Using AGENTS.md for Platform Engineering¶

Most platform incidents do not start with a complicated bug. They start with confusion.

One team follows one release path, another skips a check, and somebody quietly changes a naming rule without updating the docs. A few weeks later, nobody agrees on what "standard" means.

That is where AGENTS.md helps. It gives the team one shared playbook for planning, delivery, review, and release. Humans can follow it, and agents can follow it too.

The aim is straightforward: move changes from idea to production in a way that is calm, repeatable, and auditable.

Why AGENTS.md matters¶

Platform engineering gets expensive when every change follows a different path. AGENTS.md gives you a default path that people can trust.

In practice, it helps you:

Set clear scope before work starts
Keep delivery steps consistent across teams
Build quality checks into the workflow
Onboard new engineers faster
Let agents help without losing control

What to include in AGENTS.md¶

Keep it short and specific. If it reads like policy prose, people will ignore it.

These six parts are usually enough:

Mission and scope
Workflow steps
Owners (human or agent)
Quality gates
Standards and conventions
Output locations (docs, repos, diagrams)

Practical workflow for platform changes¶

Workflow overview AGENTS.md control plane container view

Use one repeatable flow for each meaningful platform change:

Define
Write the change goal, scope, and success criteria.
Assess
Capture current state, dependencies, and risks.
Design
Pick the approach and record trade-offs.
Approve
Confirm quality gates before implementation.
Implement
Make the change with tests and automation.
Document
Update runbooks, diagrams, and rollback steps.
Validate
Run operational checks in non-production first.
Release
Ship with owner sign-off and monitoring.

This sequence reduces rework because decisions are made early, before implementation starts to drift.

Agent collaboration flow¶

Agent collaboration flow

AGENTS.md enforces one rule that matters: no phase moves forward without the required output from the previous phase. That single rule prevents a lot of avoidable regressions.
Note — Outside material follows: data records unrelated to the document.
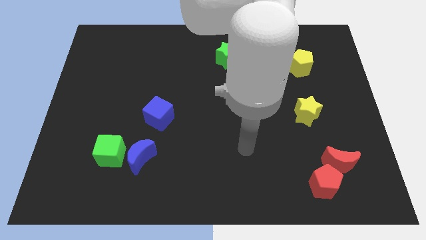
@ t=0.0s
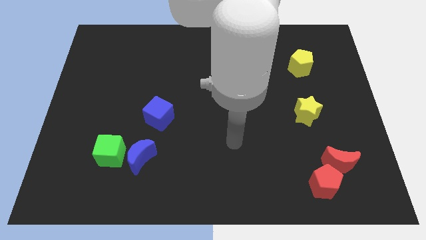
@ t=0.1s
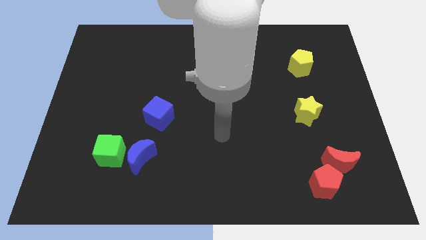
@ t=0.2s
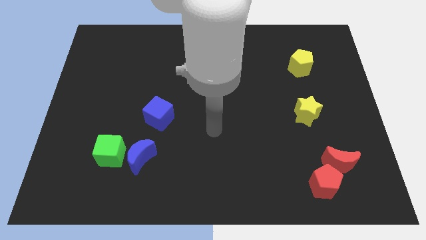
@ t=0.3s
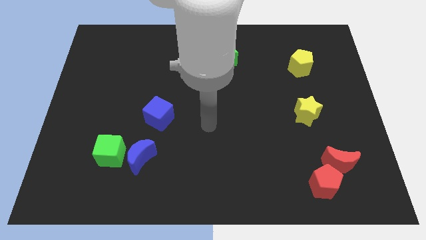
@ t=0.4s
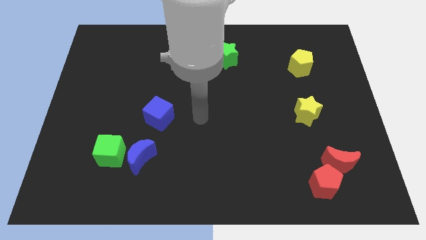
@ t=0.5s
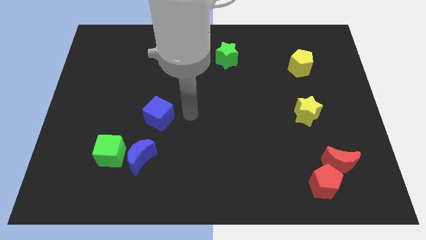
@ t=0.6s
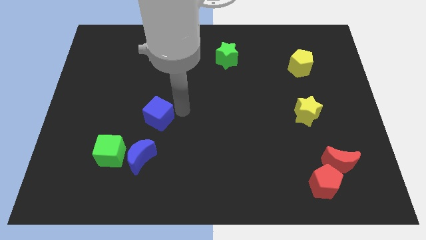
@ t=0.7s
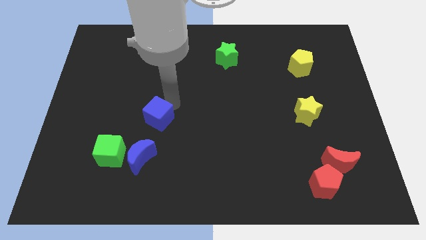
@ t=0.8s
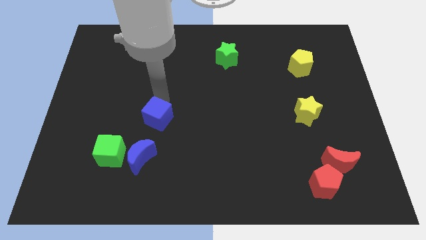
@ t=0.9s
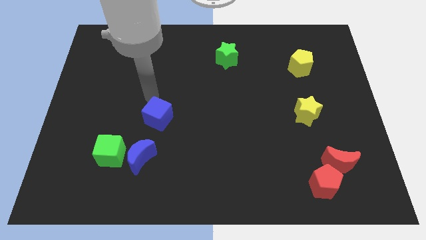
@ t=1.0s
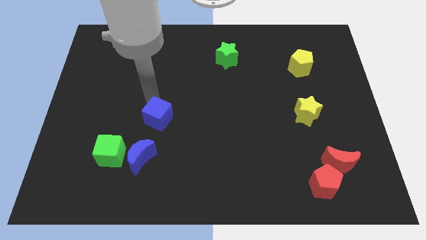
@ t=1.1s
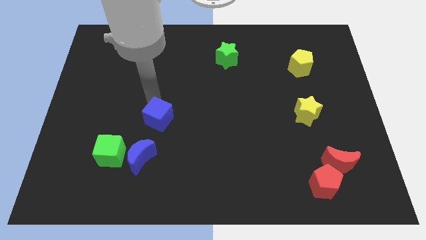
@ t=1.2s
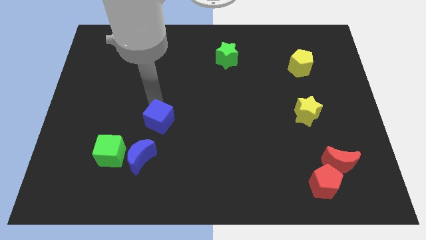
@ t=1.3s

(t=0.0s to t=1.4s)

A minimal AGENTS.md you can copy¶

Start with this and adapt it:

# AGENTS.md

## Mission
- Keep platform delivery consistent and low risk

## Workflow
1. Plan → define scope, success criteria, risks
2. Survey → assess current state + gaps
3. Ideate → propose options + trade-offs
4. Review → approve approach + gates
5. Build → implement + automate
6. Document → runbooks + diagrams
7. Validate → operational review
8. Ship → release readiness

## Quality gates
- Every change has an owner
- Risks documented before build
- Docs updated before release

## Standards
- Naming: <team>-<service>-<env>
- Environments: dev → staging → prod
- Tooling: Helm + ArgoCD

If this reads like a checklist, that is intentional. Checklists are easier to follow when teams are busy or under pressure.

Practical examples¶

Each example maps directly to the workflow above.

1) Platform release checklist¶

Why: reduce release risk and keep gates consistent
What: release plan, rollback plan, communication checklist
How: run one fixed checklist and require sign-off at each gate

2) Incident runbook¶

Why: improve incident response speed and clarity
What: roles, steps, and post-mortem template
How: trigger the runbook and record actions as structured output

3) Infrastructure bootstrap¶

Why: create new environments without one-off setup work
What: baseline stack (ArgoCD, secrets, policies, monitoring)
How: define the exact bootstrap sequence in AGENTS.md

4) SLO review¶

Why: make reliability reviews repeatable
What: SLO attainment, regressions, and next actions
How: generate monthly SLO summaries from metrics

5) Sprint review deck (Marp)¶

Why: remove manual slide preparation
What: request volume, average handling time, top requester, top request type
How: use agents to populate a Marp deck from metrics scripts

Companion repo¶

Walkthroughs and scripts live here: https://github.com/polarpoint-io/ai-capabilities

How OpenClaw uses it (optional)¶

In OpenClaw, AGENTS.md acts as a shared source of truth for multiple agents. It defines:

Which agent handles each phase
The outputs required for each phase
The gates a lead agent must approve

This keeps multi-agent execution safe and predictable.

Common anti‑patterns¶

Avoid these mistakes:

Too long: AGENTS.md should be a few screens, not a wiki
Vague gates: "review done" is not a gate - define what done means
No ownership: every phase needs a named owner
Stale rules: update it when tooling or workflows change

What you get¶

Predictable platform delivery
Lower operational risk
Faster onboarding
Consistent documentation
A workflow that scales as agent use grows

Final note¶

AGENTS.md only works when teams treat it as part of delivery, not an afterthought. Keep it current, keep it short, and make it the first thing people check before they start work.